New Zealand Rugby still backs Sanzaar despite SA exit
Saru to pull its four teams out of cross-border franchise competition and seeks to align with Europe’s PRO14
Wellington — New Zealand Rugby (NZR) continued to insist on Wednesday that the Sanzaar alliance governing southern hemisphere rugby was still healthy even after SA ditched the Super Rugby tournament after 25 years and fired a farewell shot blaming their colleagues in Wellington.
The SA Rugby Union (Saru) said on Tuesday it had voted to pull its four teams out of the cross-border franchise competition and would look to align with Europe’s PRO14.
That decision came just hours after Rugby Australia chairman Hamish McLennan said their relationship with New Zealand Rugby was at its “lowest ebb” as the two bodies traded barbs over the future of the game.
“I think we are working in extraordinary times with extraordinary pressure. We think there is a great future with Sanzaar,” New Zealand Rugby CEO Mark Robinson told reporters on a conference call on Wednesday.
“We know there are challenges. We know there are tensions. But ultimately we all believe in a common goal around Rugby Championship.”

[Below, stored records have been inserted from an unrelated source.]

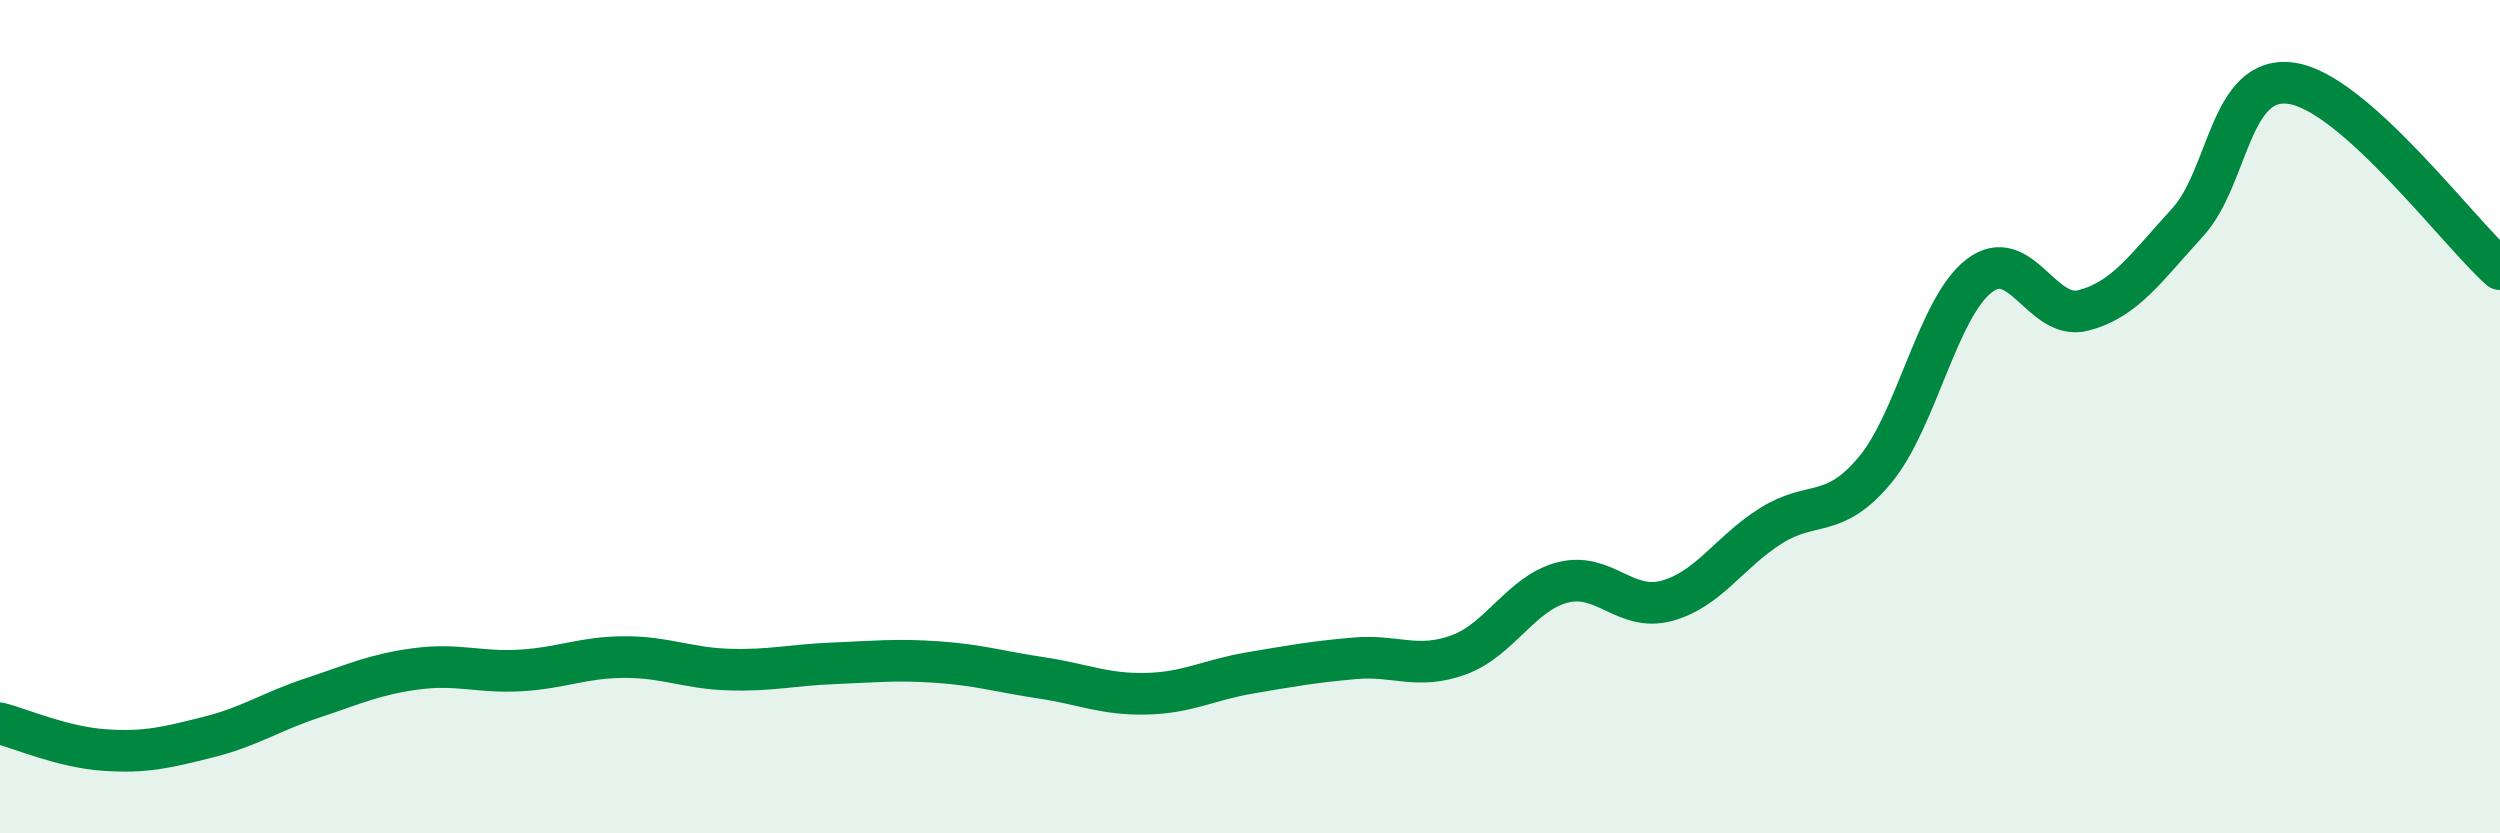
    <svg width="60" height="20" viewBox="0 0 60 20" xmlns="http://www.w3.org/2000/svg">
      <path
        d="M 0,17.36 C 0.5,17.49 1.5,17.93 2.5,18 C 3.5,18.07 4,17.94 5,17.69 C 6,17.44 6.5,17.08 7.5,16.75 C 8.5,16.42 9,16.18 10,16.05 C 11,15.92 11.5,16.15 12.5,16.09 C 13.5,16.03 14,15.77 15,15.77 C 16,15.77 16.5,16.04 17.5,16.07 C 18.5,16.1 19,15.96 20,15.92 C 21,15.88 21.5,15.82 22.5,15.89 C 23.5,15.96 24,16.12 25,16.27 C 26,16.42 26.5,16.67 27.5,16.65 C 28.5,16.63 29,16.32 30,16.15 C 31,15.98 31.5,15.89 32.5,15.8 C 33.5,15.71 34,16.08 35,15.72 C 36,15.36 36.5,14.24 37.5,13.98 C 38.5,13.72 39,14.69 40,14.42 C 41,14.15 41.5,13.25 42.5,12.62 C 43.5,11.99 44,12.48 45,11.28 C 46,10.08 46.5,7.39 47.5,6.62 C 48.5,5.85 49,7.71 50,7.45 C 51,7.19 51.5,6.43 52.5,5.34 C 53.5,4.25 53.5,1.78 55,2 C 56.5,2.22 59,5.57 60,6.46L60 20L0 20Z"
        fill="#008740"
        opacity="0.1"
        stroke-linecap="round"
        stroke-linejoin="round"
      />
      <path
        d="M 0,17.36 C 0.5,17.49 1.5,17.93 2.5,18 C 3.5,18.07 4,17.94 5,17.69 C 6,17.44 6.5,17.08 7.5,16.75 C 8.5,16.42 9,16.18 10,16.05 C 11,15.92 11.5,16.15 12.5,16.09 C 13.5,16.03 14,15.77 15,15.77 C 16,15.77 16.5,16.04 17.5,16.07 C 18.5,16.1 19,15.96 20,15.92 C 21,15.88 21.5,15.82 22.5,15.89 C 23.5,15.96 24,16.12 25,16.27 C 26,16.42 26.5,16.67 27.5,16.65 C 28.5,16.63 29,16.32 30,16.15 C 31,15.98 31.5,15.89 32.5,15.8 C 33.5,15.71 34,16.08 35,15.72 C 36,15.36 36.5,14.24 37.5,13.98 C 38.5,13.72 39,14.69 40,14.42 C 41,14.15 41.5,13.25 42.5,12.62 C 43.5,11.99 44,12.48 45,11.28 C 46,10.08 46.5,7.39 47.5,6.62 C 48.5,5.85 49,7.71 50,7.45 C 51,7.19 51.5,6.43 52.5,5.34 C 53.5,4.25 53.5,1.78 55,2 C 56.5,2.22 59,5.57 60,6.46"
        stroke="#008740"
        stroke-width="1"
        fill="none"
        stroke-linecap="round"
        stroke-linejoin="round"
      />
    </svg>

The world champion Springboks are still expected to play in the Rugby Championship, which also includes the national teams from New Zealand, Australia and Argentina.

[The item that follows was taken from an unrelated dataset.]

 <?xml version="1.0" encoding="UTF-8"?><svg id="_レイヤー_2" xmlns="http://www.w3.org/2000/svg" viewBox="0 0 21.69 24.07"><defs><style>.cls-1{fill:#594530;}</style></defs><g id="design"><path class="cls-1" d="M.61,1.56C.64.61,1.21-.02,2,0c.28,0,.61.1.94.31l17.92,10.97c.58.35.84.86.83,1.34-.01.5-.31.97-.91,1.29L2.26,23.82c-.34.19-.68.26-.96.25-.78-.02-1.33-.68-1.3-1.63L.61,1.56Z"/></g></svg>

Saru’s decision to walk away from Super Rugby had long been expected with reports periodically surfacing over the past decade, even if officials kept denying that they were interested in aligning with Europe.
The move by the Cheetahs and Southern Kings to the PRO14 ahead of the 2018 season after they were dumped from Super Rugby after a poorly received expansion to 18 teams in the southern hemisphere competition, however, set the wheels in motion.

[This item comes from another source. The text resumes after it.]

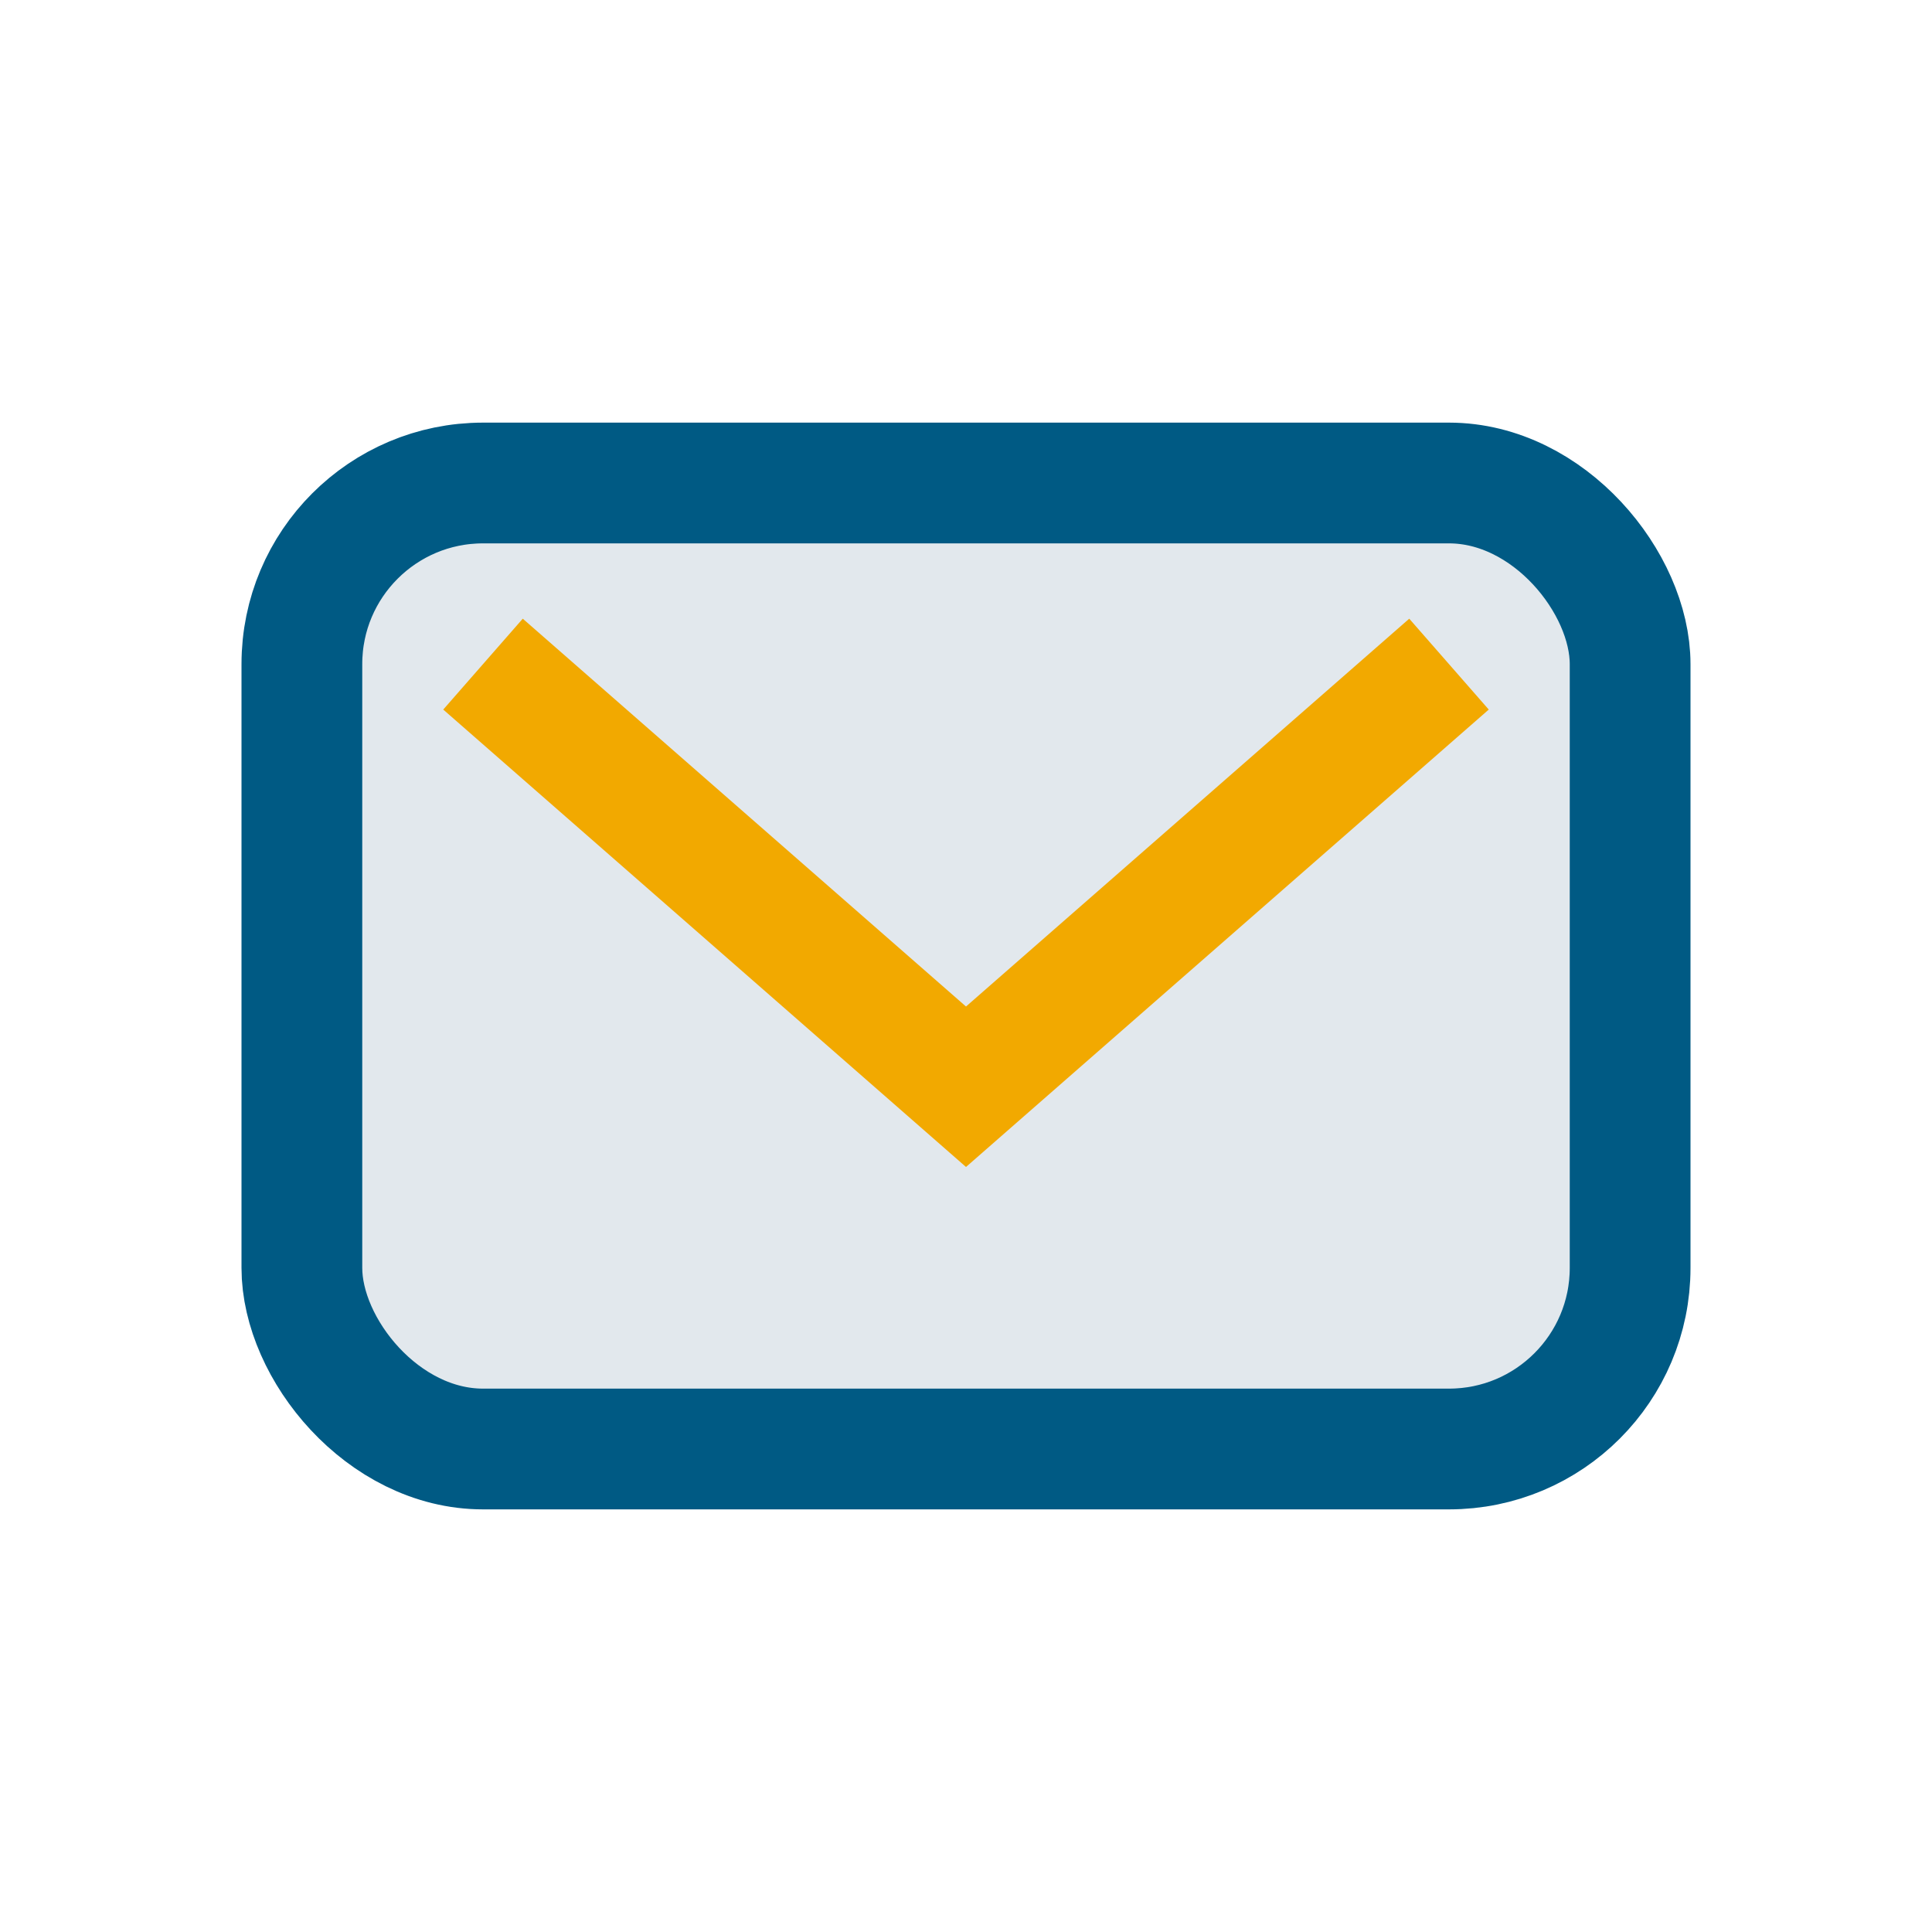 <?xml version="1.0" encoding="UTF-8"?>
<svg xmlns="http://www.w3.org/2000/svg" width="32" height="32" viewBox="0 0 32 32"><rect x="5" y="8" width="22" height="16" rx="3" fill="#E2E8ED" stroke="#005A84" stroke-width="2"/><path d="M8 11l8 7 8-7" fill="none" stroke="#F2A900" stroke-width="2"/></svg>

“We know that SA have been very open about going to the northern hemisphere,” Robinson added. “They obviously feel now is the time to explore that opportunity.”
Super Rugby was already undergoing a realignment for 2021, with the Japan-based Sunwolves dropped before the coronavirus pandemic brought the tournament to a shuddering halt in March.
Countries scrambled to organise domestic-only competitions in 2020 and NZR presented a trans-Tasman model involving just New Zealand and Australian teams for 2021.
That “unilateral” decision prompted Saru to decide to realign with Europe, CEO Jurie Roux said in his parting shot to the competition that had been in place since 1996.
Robinson, however, said all NZR was doing was what Sanzaar had agreed.
“All of the Sanzaar partners had agreed to look at more domestically related competitions in 2020 and 2021,” he said. “We talked about ours a while ago. We haven’t settled on anything yet.”